The end users will never know that the extra digit is inserted, and it makes your dial-peers very easy.

Don

Thank you for the tip! I will try it.

mfg dec

Hallo, and a further question

For better coupling with a Siemens HICOM we want to change gateway from H.323 to MGCP.

How should one configure that?

MfG

dec

dweiner
Cisco Employee
Cisco Employee

hostname xxxxxx

ip domain-name yyyyyy

mgcp

ccm-manager mgcp

ccm-manager config server zzz.zzz.zzz.zzz

ccm-manager config

x = whatever name you want for the gateway.

y = optional domain name

z = ip address of CCM tftp server (comma separate for multiple tftp servers)
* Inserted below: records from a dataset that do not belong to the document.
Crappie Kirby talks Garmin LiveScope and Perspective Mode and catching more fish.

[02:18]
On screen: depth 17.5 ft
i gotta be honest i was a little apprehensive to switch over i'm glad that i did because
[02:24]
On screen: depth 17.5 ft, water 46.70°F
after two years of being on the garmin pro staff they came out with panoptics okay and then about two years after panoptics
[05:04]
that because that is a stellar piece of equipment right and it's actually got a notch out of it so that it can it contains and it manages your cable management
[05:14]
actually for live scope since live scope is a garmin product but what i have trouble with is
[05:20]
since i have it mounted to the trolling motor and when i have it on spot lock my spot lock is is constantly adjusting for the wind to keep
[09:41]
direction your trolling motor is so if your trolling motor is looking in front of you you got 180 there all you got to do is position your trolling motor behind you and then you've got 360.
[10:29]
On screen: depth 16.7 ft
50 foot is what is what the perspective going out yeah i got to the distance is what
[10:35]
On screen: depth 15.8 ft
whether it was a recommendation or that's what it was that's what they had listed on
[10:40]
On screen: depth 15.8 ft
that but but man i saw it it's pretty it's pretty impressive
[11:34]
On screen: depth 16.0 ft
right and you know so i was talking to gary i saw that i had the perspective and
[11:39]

That sets up the router for download from CCM for the config (like with IP phones). hostname is required, ip domain-name is not. You want to make sure you administer in CCM the gateway name the same as the router is configured. The easiest way to find out what the full name is = 'show ccm' in the gateway. The first line you get back is what you need in CCMAdmin for the gateway 'Domain Name' field. After that CallManager will configure the specifics in the router after you configure via web pages. Note that 'show ccm' will show when the gw registers with CCM, but CCM web pages won't show the gateway as registered until the trunk comes up (if T1/E1).

Don

Hallo !

... and as say I to the callmanager that "dial-peer voice pots" and "dial-peer voice voip", as in the upper example with H.323 ?

Thanks

dec

dweiner
Cisco Employee
Cisco Employee

All you have to do are the aforementioned commands. CallManager will create necessary dial-peers, E1 parameters, etc.

If you want to administer SRST parameters do so after CCM has downloaded the MGCP configuration. For SRST you do create dial-peers as the gateway 'falls back' into H.323 mode if it can't connect to CCM.